Да. И я с 9 лет ходил туда каждое воскресенье на протяжении четырех лет. Там работали очень хорошие педагоги, они заложили основу. А потом, в начале 1970-х, я начал сам уже заниматься графикой. К тому же общался с ребятами, которые учились в художественных вузах. Позднее мы с одним из этих приятелей оформили ту самую книгу. И пошло…
Я тогда занимался графикой, потому что живопись — это все-таки довольно большая затея. Для нее нужна мастерская. У меня ее никогда не было — я работал всегда дома. А для графики нужен лишь лист бумаги, тушь, перо, гуашь. И в 1970-80-е я зарабатывал себе этим на жизнь.
И оформили порядка 50 книг.
Да. Это было очень приятное занятие, надо сказать. Не надо было ходить на работу. В Совке это дорогого стоило. Встаешь утром неспешно, пьешь чай, смотришь в окно, где хмурые люди набиваются в автобус… Счастье! Я довольно быстро делал заказы. И в свободное время занимался литературой.
Вы поехали и купили краски, потому что берлинский дом позволил поставить мольберт и писать маслом?
Да, у меня в Берлине довольно просторный белый кабинет. И в нем я за два года написал 15 картин.
В какой момент стало понятно, что получается большее, чем украшение интерьера?
На второй-третьей картине. А потом возник этот проект. Мы с художником Женей Шефом сделали павильон «Теллурия». И роман помог, конечно.
Когда-то вы мне говорили, что книга должна быть самодостаточна. И вдруг 15 картин по мотивам «Теллурии». А могли бы и симфонию написать...
(смеется) У меня не абсолютный слух. Скорее всего, меня инспирировал Берлин. Это же такой центр культуры. Наташ, и не надо забывать, что после «Теллурии» мне третий год как не пишется. Я не делал раньше таких конструкций, как этот роман. В нем есть некая тотальность. И видимо, это для автора не прошло даром и выдох после него еще не закончился.

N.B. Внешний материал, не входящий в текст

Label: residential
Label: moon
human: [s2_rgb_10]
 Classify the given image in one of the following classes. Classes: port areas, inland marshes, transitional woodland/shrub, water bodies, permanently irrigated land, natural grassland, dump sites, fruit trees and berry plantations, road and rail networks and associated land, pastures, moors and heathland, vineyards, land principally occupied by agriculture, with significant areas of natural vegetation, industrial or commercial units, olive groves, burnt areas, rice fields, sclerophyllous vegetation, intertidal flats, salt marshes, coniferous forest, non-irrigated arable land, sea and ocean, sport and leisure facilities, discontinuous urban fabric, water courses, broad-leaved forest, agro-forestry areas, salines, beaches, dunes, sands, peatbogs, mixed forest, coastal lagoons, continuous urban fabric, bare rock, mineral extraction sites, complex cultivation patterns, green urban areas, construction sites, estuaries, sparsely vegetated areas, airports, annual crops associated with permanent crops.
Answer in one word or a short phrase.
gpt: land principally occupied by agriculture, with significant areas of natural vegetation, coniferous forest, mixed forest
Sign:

Все совпало, как это обычно бывает: белые стены, новое место, желание вернуться к холсту и краскам и временная пауза.
Когда вышла «Теллурия», вы говорили, что описать современный мир линейным романом сейчас невозможно. А может, следует пойти еще дальше? Единый художественный язык невозможен, и настала эпоха нового синкретизма?
Gesamtkunstwerk? А это ведь уже случилось. Если взять современное искусство, то становится понятно, что оно синкретично. Но мне-то как раз хотелось бросить этому вызов, архаически отстоять живопись как таковую, потому что ее уже сожрала сумма арт-технологий. Сейчас, мне кажется, стоит вернуться к жанровой чистоте.

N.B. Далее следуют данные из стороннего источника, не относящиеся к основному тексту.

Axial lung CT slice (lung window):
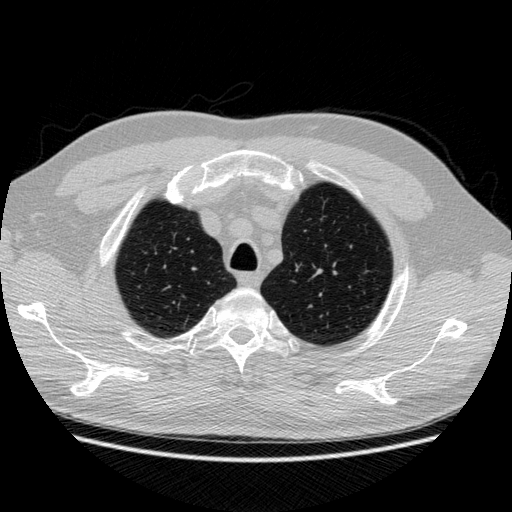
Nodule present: no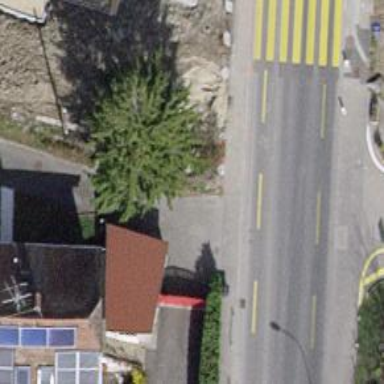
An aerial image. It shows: Asphalt platform for public transport.

Я знаю, как вы не любите выступления перед публикой. И тут — перформанс.
Ну это же не банальное выступление писателя перед публикой, а художественный акт. Не театр, не капустник. Это вещь другого сорта: взаимоотношение с искусством, а не с публикой.
С рыцарем?
Да. Как я сказал в интервью немецкому телевидению, мы с Женей Шефом бились за возвращение человеческого размера искусству. Потому что весь ХХ век и сейчас — это торжество технологий, смерть автора, процесс вместо результата, потеря человеческого размера. Основательные немцы меня спросили: а что такое человеческий размер в искусстве? Я ответил просто: берешь кисть, холст и краски. Und vorwarts!
А может, настала пора возродить и линейный роман? В этом году одними из самых обсуждаемых книг стали «Щегол» Донны Тартт и «Светила» Элеанор Каттон. Вполне традиционные по форме.
Я не против написания классического романа. Важно, чтобы он решил некую культурную задачу, а не был по определению антиквариатом. Мне кажется, это все свидетельствует, что мир начинает дробиться. И глобальные технологические высказывания в культуре начинают уступать более локальным.
Ваш друг Дмитрий Александрович Пригов когда-то разные свои занятия — писание стихов, прозы, рисование, перформансы — сравнивал с кручением хулахупов. Стоит одному обручу уделить меньшее внимание, как он начинает останавливаться и может упасть.
Я как Дмитрий Александрович работать не могу: помазать на холсте, потом присесть к монитору и написать главу… Нет. Все требует концентрации. Но я не представляю, чем буду завтра заниматься (смеется).
Про вас уже кто-то сказал, что Сорокин сбросил очередную кожу, а значит, скоро появится что-то новое.
Пока надо отступить от «Теллурии». Шаг в сторону. Я закрываю эту тему и с оптимизмом смотрю в будущее.